Is completely covered with. In order to eject the generated As vapor onto the GaAs substrate, a capillary 9 having an inner diameter of 7 mm is used.
Was attached to the crucible lid 10. The capillary heating resistor 11 is wound so that the generated As vapor does not condense and adhere in the capillary 9. The material of the capillary heating resistor 11 is tantalum.

When the heating temperature of the metal As is 600 to 800 ° C., the As vapor pressure in the crucible 5 is 10 ⁻² to 10 Torr, and the As vapor ejected from the capillary 9 at this time causes Ga to be a constituent element of GaAs. GaAs with good crystallinity that prevents decomposition and dissociation between As and As, and maintains a stoichiometric ratio
It was possible to produce ultrafine particles. At this time, the heating temperature of the raw material GaAs substrate is 1400 ° C., and the generated G
The average particle size of the aAs ultrafine particles was 6 nm.

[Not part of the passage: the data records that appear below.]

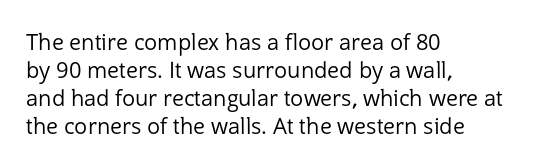
Q: Is the text bold? A: No.
Q: Is the text italic (slanted)? A: No, it is upright.
Q: Is the text underlined? A: No.
Q: How is the paragraph aligned? A: Left-aligned.
Q: Is the spacing between letters normal or unusually wide? A: Normal.
Q: Is the spacing between lines tight, normal or loose? A: Normal.
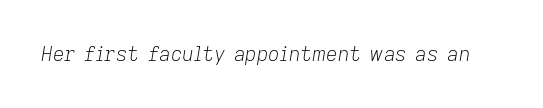
This sample uses plain, unmodified letter spacing. The text carries the slant typical of an italic or oblique font. The characters are drawn with everyday or finer stroke widths. Has an underline been added? It has not.
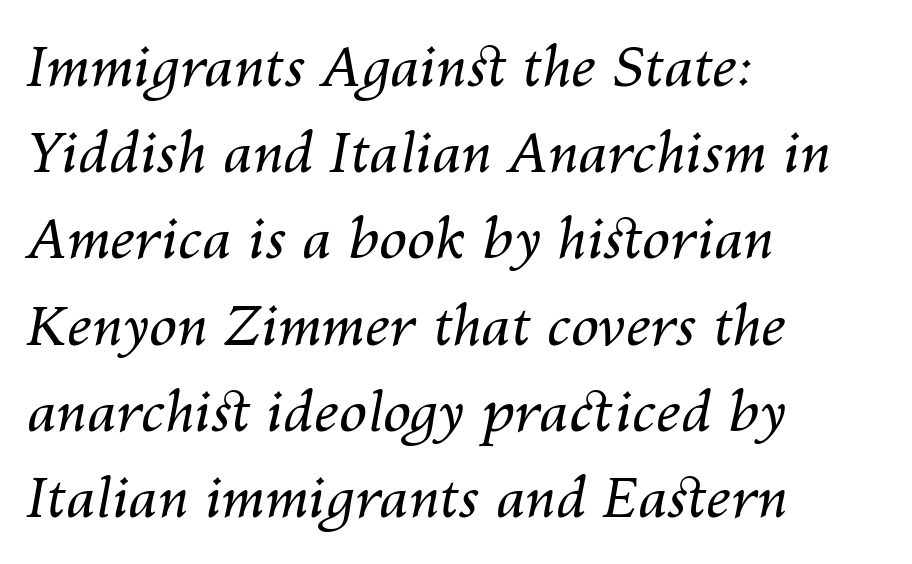
The image shows 56 px regular-weight type, italic (leaning right); set left-aligned, normal line spacing (1.54x), normal letter spacing, not underlined; medium stroke contrast and a medium x-height.
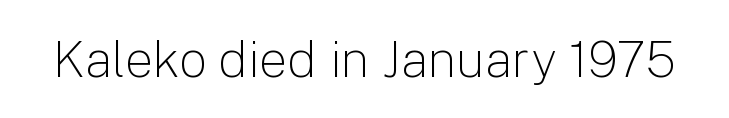
The image shows 50 px light sans-serif type, upright; set normal letter spacing, not underlined; low stroke contrast and a medium x-height.
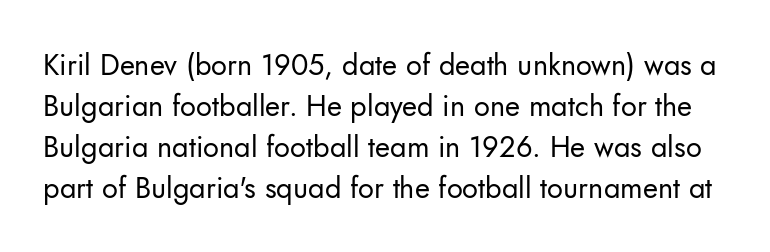
The image shows 29 px regular-weight sans-serif type, upright; set normal line spacing (1.41x), normal letter spacing, not underlined; low stroke contrast and a small x-height.
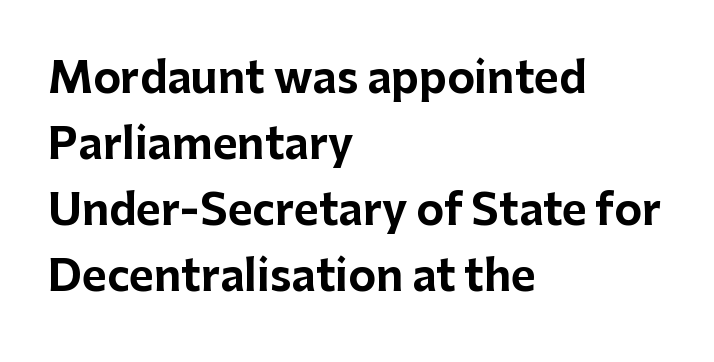
Q: Is the text bold? A: Yes.
Q: Is the text italic (slanted)? A: No, it is upright.
Q: Is the typeface a serif or a sans-serif typeface? A: Sans-serif.
Q: Is the text underlined? A: No.
Q: How is the paragraph aligned? A: Left-aligned.
Q: Is the spacing between letters normal or unusually wide? A: Normal.
Q: Is the spacing between lines tight, normal or loose? A: Normal.
Q: Width (condensed, normal, or wide)? A: Normal.
Q: Stroke contrast? A: Low.
Q: x-height? A: Medium.
Q: Monospaced? A: No.
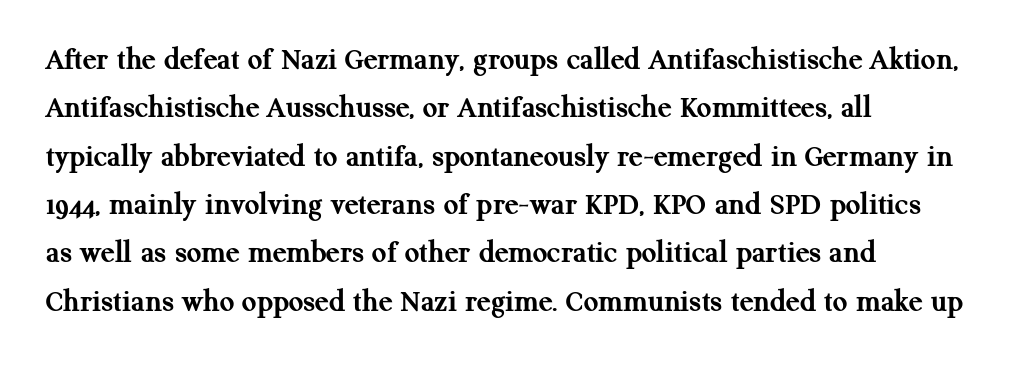
Thick stems and heavy bowls — unmistakably bold. Yep, those are serifs on the letters. Unmarked baselines from the first word to the last. Designer's note — italics off, roman on.
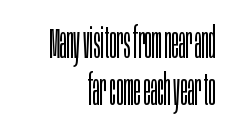
This sample trades vertical openness for compactness between lines. You could not count columns in this text — the font is proportionally spaced. Right-aligned paragraph, ragged on the left. Ink coverage per letter is moderate at most. Nothing unusual about the tracking: characters are spaced as the font intends.
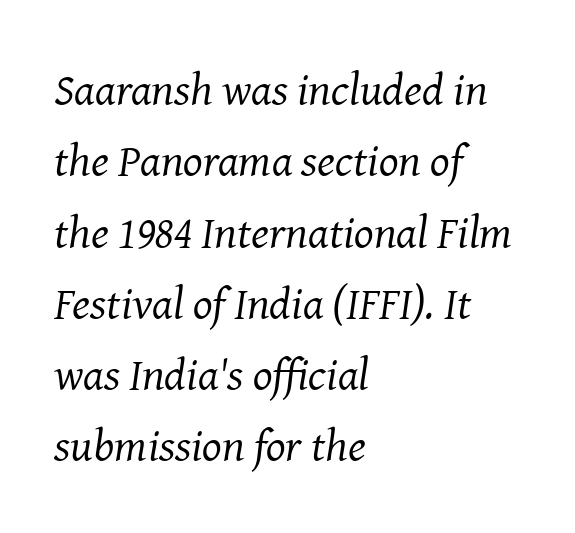
The image shows 46 px regular-weight serif type, italic (leaning right); set left-aligned, normal line spacing (1.55x), normal letter spacing, not underlined; medium stroke contrast and a medium x-height.
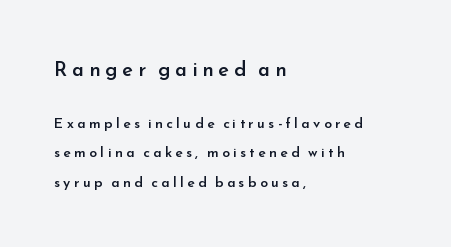
{"italic": "no", "bold": "semi", "underline": "no", "align": "left", "line_spacing": "loose", "line_spacing_ratio": 2.1, "letter_spacing": "wide", "letter_spacing_em": 0.24, "larger_block": "first", "size_ratio": 1.43, "glyph_px": 20}
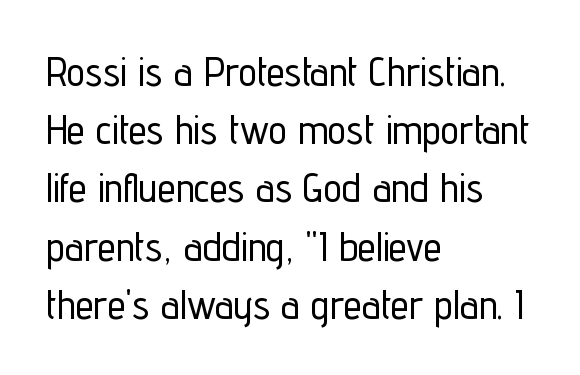
Is this a sans? Yes — the strokes have no serifs. Each letter keeps its own natural width here, so spacing adapts to shape. The font's upright variant was chosen for this text. A student would call this left alignment; a typographer would say flush left, rag right. Reading down the column, the eye jumps a familiar distance to each next line.

In this embodiment, the production of GaAs ultrafine particles has been described, but the present invention is not limited to this.
Similar ultrafine particles can be produced from III-V group compound semiconductors such as P and InGaAs or II-VI group compound semiconductors such as CdS and CdSSe.

[0012]

According to the present invention, when the compound semiconductor ultrafine particles are manufactured by the gas evaporation method, the stoichiometric ratio is maintained and the crystallinity is good even if the vapor pressure difference between the constituent elements of the compound is large. Ultrafine particles can be produced.

[Brief description of drawings]

FIG. 1 is an overall view of a compound semiconductor ultrafine particle vapor phase production apparatus according to an embodiment of the present invention.

FIG. 2 is a detailed view of a steam generating mechanism in the apparatus.

[Explanation of symbols]

 1 Evaporation Chamber 2 Collection Chamber 3 Evaporation Crucible 4 Vapor Generation Mechanism 5 Crucible 6 Resistance Heating Coil 9 Capillary 10 Crucible Lid

Claims (1)

[Claims] 1. An apparatus for producing ultrafine particles of a compound semiconductor by a gas evaporation method, wherein vapor of an element having a high vapor pressure among constituent elements of a raw material compound semiconductor is introduced from the outside to generate in the vicinity of a raw material compound evaporation source. An apparatus for producing a vapor phase of a compound semiconductor ultrafine particle, which is equipped with a mechanism for making it.